I typically ask my husband how his day went when he comes home from work and the other day he said, “Well, we got inventory done.” It took me by surprise that the last day of the month already was upon us and in this case, it also was the last day of the year and decade. (I start counting with zero.)

The thought was a triple slap in the face. It’s the end, or more to the point, a completion, of a month, of a year and a decade, and what have I done? Where did the time go? Oh my gosh, I have a hard time remembering what I did in November, much less 2011. But if I had an inventory record, I would be able to see in a flash the highlights of the months and years. For my family, 2019 will definitely go down as the year we bought a mountain log-cabin. But there have been many, many important experiences along the way that I am sure I would have to think hard to remember.

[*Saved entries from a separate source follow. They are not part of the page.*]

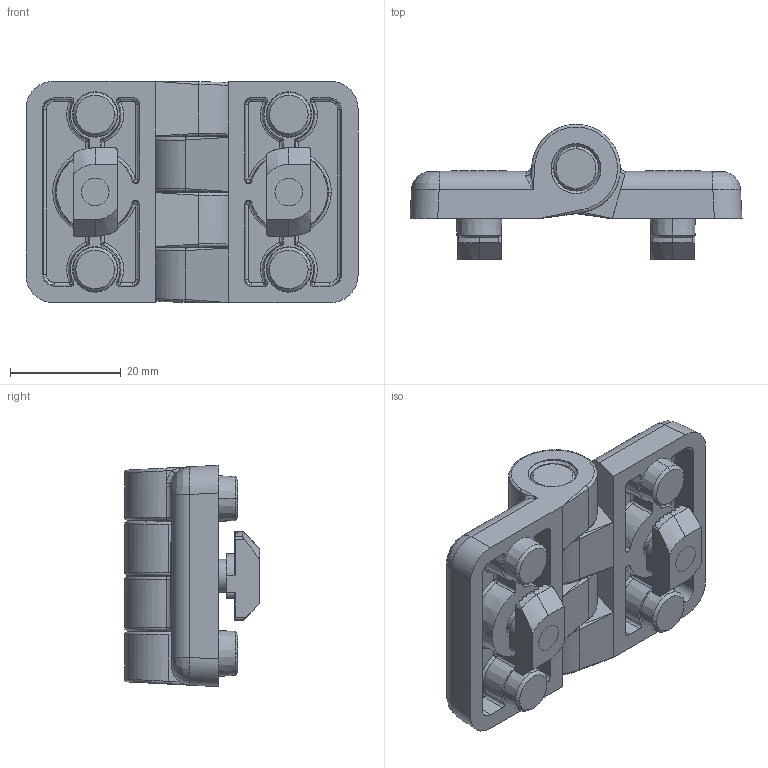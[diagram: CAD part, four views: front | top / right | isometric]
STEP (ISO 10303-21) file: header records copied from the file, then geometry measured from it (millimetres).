
FILE_DESCRIPTION (( 'STEP AP203' ), '1' );
FILE_NAME ('482535687_c_1.STEP', '2023-02-24T06:52:25', ( '' ), ( '' ), 'SwSTEP 2.0', 'SolidWorks 2014', '' );
FILE_SCHEMA (( 'CONFIG_CONTROL_DESIGN' ));
Length unit declared in the file: millimetre
Products named in the file (1): 482535687_c_1
Bounding box: 60 x 24.4 x 40.01 mm (x, y, z)
Volume: 21401.4 mm3; surface area: 15220 mm2
Topology: 11 solids, 11 shells, 643 faces, 1648 edges, 1034 vertices
Faces by surface type: cylinder 238, plane 175, cone 84, bspline 62, torus 53, sphere 31
Entity records: 25703 total; most frequent: CARTESIAN_POINT 10911, ORIENTED_EDGE 3260, DIRECTION 2898, EDGE_CURVE 1630, AXIS2_PLACEMENT_3D 1132, VERTEX_POINT 1026, EDGE_LOOP 676, ADVANCED_FACE 643

I don’t think it’s that our memories get poor as we get old, but rather that they get overloaded with the sheer volume of memories over a lifetime, like a computer that’s out of RAM. That maybe a little supercilious of me, but I think it’s true. Have you noticed how the year – summer – used to stretch on and on forever when you were 5- or 6-years old but now it zips by before you know it? Have you noticed that it seems to take forever to travel to somewhere, but half the time to return home? The are-we-there-yet syndrome only seems to apply when you’re going to grandma and grandpa’s house, not when you’re coming home. I think this is our brain adapting. It’s new going to; been-there-done-that going home. While every event in our lives is new and unique, I think our brain starts to skip over somethings that we’ve done over and over -walk the dog, try a new recipe, have coffee with a friend. Each day we do the same things, but each day is new and unique.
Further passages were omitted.